Why build a custom segmentation module?

Magento 2 has attribut clients and marketing tools, but a custom segmentation module vous donne full control to:

  • Create reusable segments using entreprise rules (e.g., "clients who bought X in last 90 days").
  • Use native and attributs personnalisés (city, group, custom loyalty score).
  • Expose segments via a API REST to feed external tools like Klaviyo or Mailchimp.
  • Measure segment performance via an integrated tableau de bord.

It’s especially useful for stores that want tighter control than a tiers SaaS solution or want to keep segmentation logic close to data to avoid sync problèmes.

High-level architecture

Let’s design a clear architecture so the code stays maintainable:

  • Database entities: segment, rule, rule_condition, segment_client (materialized membership cache).
  • Rule engine: interprets rules and evaluates them against client data (attributes, commande history, location).
  • Updater / indexeur: re-evaluates segments periodically or on events to update segment_client table.
  • API REST: read-only endpoints to export segments and members.
  • Admin UI: create/edit segments and rules, and a tableau de bord to view segment performance.

Module skeleton

Start with a standard Magento module layout. Example module name: Magefine_CustomerSegment.

<app/code/Magefine/CustomerSegment/registration.php>
<?php
use Magento\Framework\Component\ComponentRegistrar;
ComponentRegistrar::register(
    ComponentRegistrar::MODULE,
    'Magefine_CustomerSegment',
    __DIR__
);
<app/code/Magefine/CustomerSegment/etc/module.xml>
<?xml version="1.0"?>
<config xmlns:xsi="http://www.w3.org/2001/XMLSchema-instance" xsi:noNamespaceSchemaLocation="urn:magento:framework:Module/etc/module.xsd">
    <module name="Magefine_CustomerSegment" setup_version="1.0.0" />
</config>

Nous allons need other usual pieces: di.xml, acl.xml (for admin), routes.xml (adminhtml + webapi), and db_schema.xml to define tables. The next sections show the DB design in more detail.

Database architecture

Designing table de base de donnéess well keeps things fast and predictable. Use Magento's db_schema.xml (recommended over install/mise à jour scripts).

Core tables:

  • magefine_segment: stores segment metadata (name, description, active, updated_at, unique code/slug)
  • magefine_segment_rule: top-level rules per segment (e.g., combine rule groups)
  • magefine_segment_condition: low-level conditions (attribute = city, commande_count > 3)
  • magefine_segment_client: materialized table of client_id to segment_id (cached membership)
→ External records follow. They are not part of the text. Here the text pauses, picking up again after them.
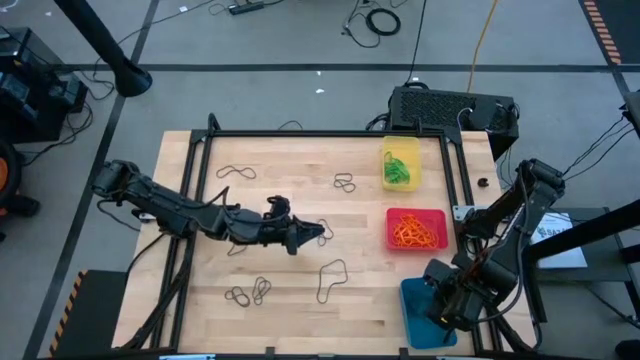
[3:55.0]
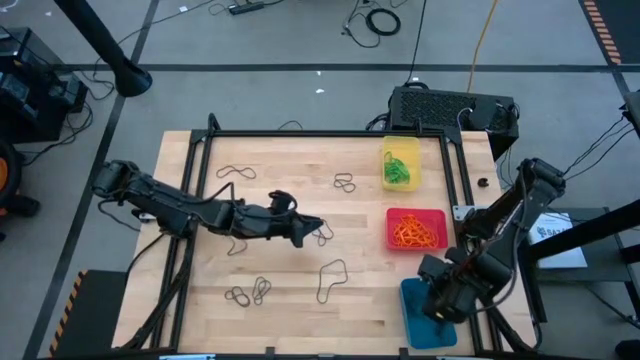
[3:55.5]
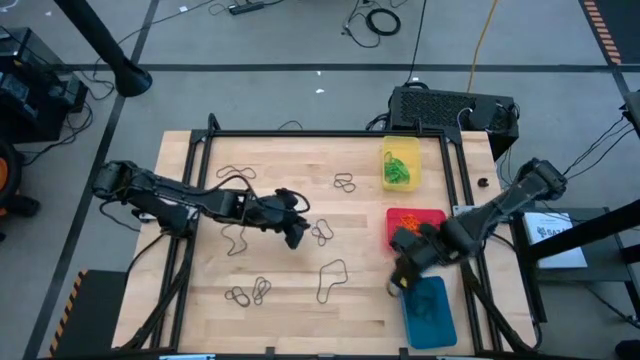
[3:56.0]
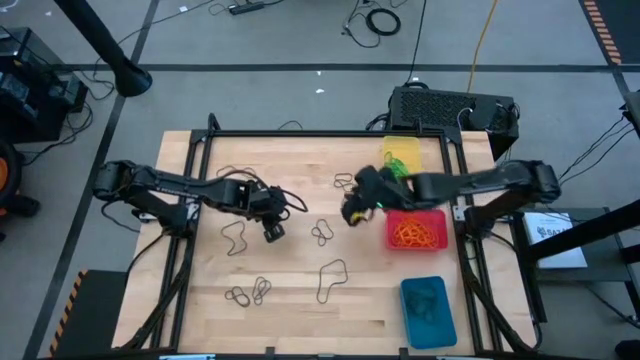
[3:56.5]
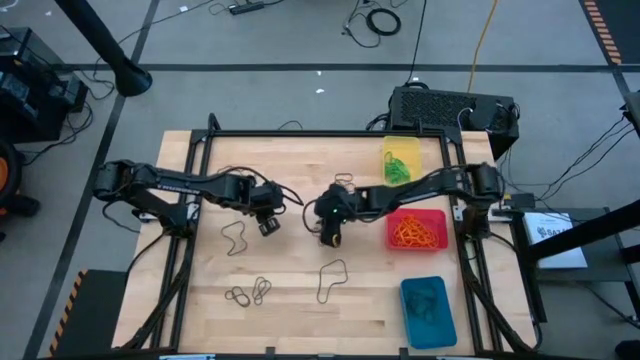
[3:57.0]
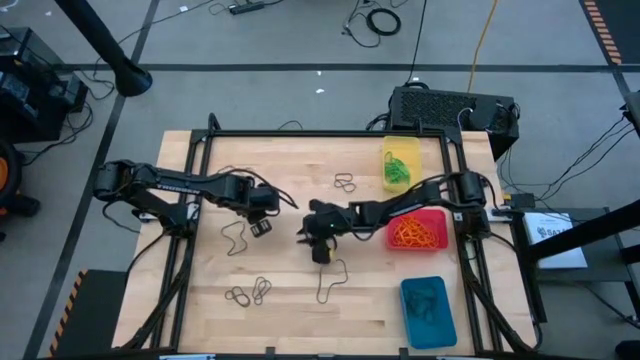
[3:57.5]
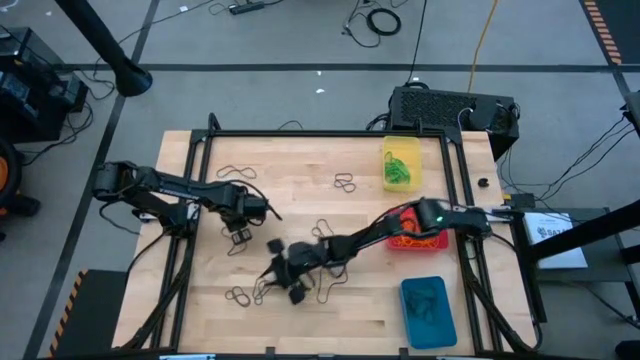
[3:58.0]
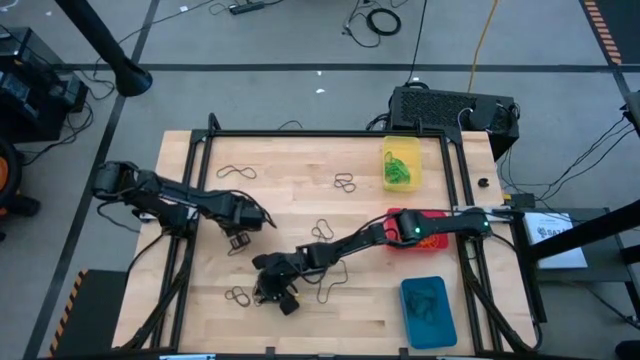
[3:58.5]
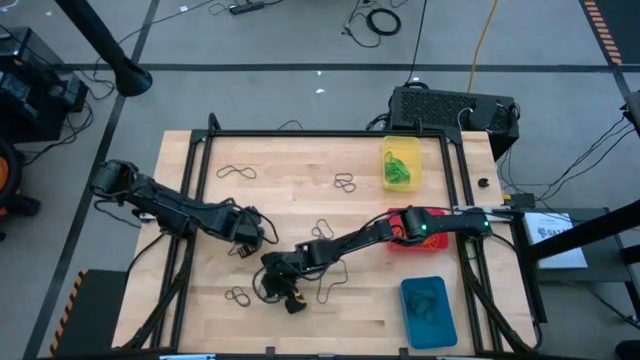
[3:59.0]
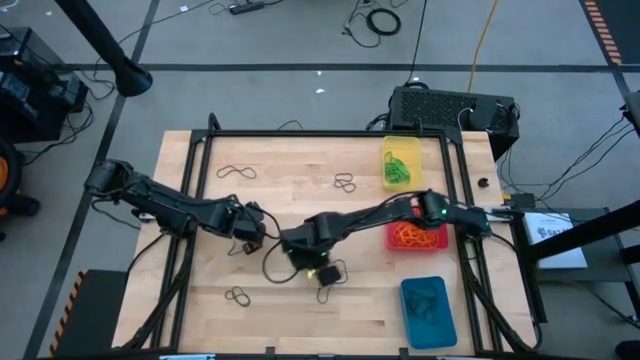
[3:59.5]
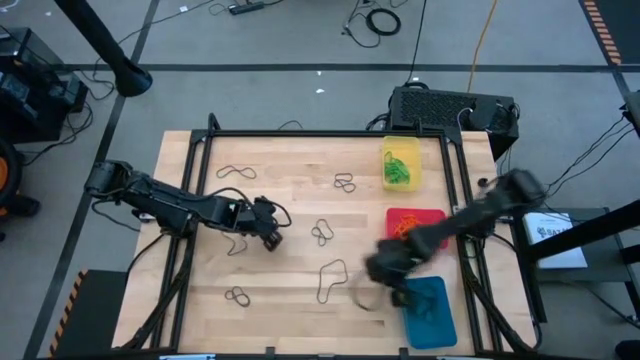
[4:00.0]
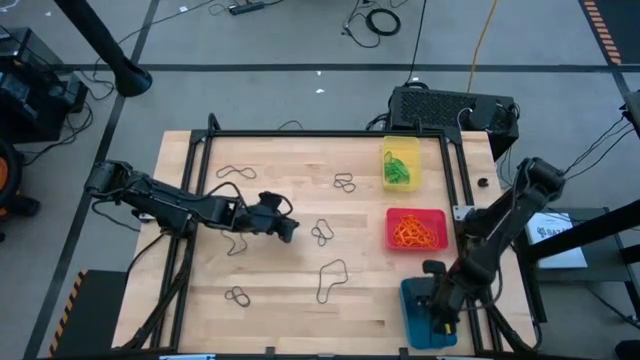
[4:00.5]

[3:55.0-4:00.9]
Task: Sort rubber bands into baskets
Put the violet rubber band into the blue bin

Example db_schema.xml snippets (simplified):

<!-- app/code/Magefine/CustomerSegment/etc/db_schema.xml -->
<schema xmlns:xsi="http://www.w3.org/2001/XMLSchema-instance" xsi:noNamespaceSchemaLocation="urn:magento:framework:Setup/Declaration/Schema/etc/schema.xsd">
  <table name="magefine_segment" resource="default" engine="innodb" comment="Magefine Customer Segments">
    <column xsi:type="int" name="segment_id" padding="10" unsigned="true" nullable="false" identity="true" />
    <column xsi:type="text" name="name" nullable="false" />
    <column xsi:type="text" name="code" nullable="false" />
    <column xsi:type="text" name="description" nullable="true" />
    <column xsi:type="smallint" name="is_active" nullable="false" default="1" />
    <column xsi:type="timestamp" name="updated_at" nullable="false" default="CURRENT_TIMESTAMP" on_update="true" />
    <constraint xsi:type="primary" referenceId="PRIMARY">
      <column name="segment_id"/>
    </constraint>
  </table>

  <table name="magefine_segment_condition" resource="default" engine="innodb" comment="Magefine Segment Conditions">
    <column xsi:type="int" name="condition_id" padding="10" unsigned="true" nullable="false" identity="true" />
    <column xsi:type="int" name="segment_id" nullable="false" unsigned="true" />
    <column xsi:type="text" name="attribute_code" nullable="false" />
    <column xsi:type="text" name="operator" nullable="false" />
    <column xsi:type="text" name="value" nullable="false" />
    <constraint xsi:type="primary" referenceId="PRIMARY">
      <column name="condition_id"/>
    </constraint>
    <constraint xsi:type="foreign" referenceId="MAGEFINE_SEGMENT_COND_SEG">
      <column name="segment_id"/>
      <reference table="magefine_segment" column="segment_id"/>
      <onDelete>CASCADE</onDelete>
    </constraint>
  </table>

  <table name="magefine_segment_customer" resource="default" engine="innodb" comment="Segment customers cache">
    <column xsi:type="int" name="segment_customer_id" padding="10" unsigned="true" nullable="false" identity="true" />
    <column xsi:type="int" name="segment_id" nullable="false" unsigned="true" />
    <column xsi:type="int" name="customer_id" nullable="false" unsigned="true" />
    <column xsi:type="timestamp" name="added_at" nullable="false" default="CURRENT_TIMESTAMP" />
    <constraint xsi:type="primary" referenceId="PRIMARY">
      <column name="segment_customer_id"/>
    </constraint>
    <constraint xsi:type="unique" referenceId="UNQ_SEG_CUST">
      <column name="segment_id"/>
      <column name="customer_id"/>
    </constraint>
  </table>
</schema>

This structure stores rules in a simple condition table. For more advanced rules you could store JSON expression trees but simple lignes are easier to query and maintain initially.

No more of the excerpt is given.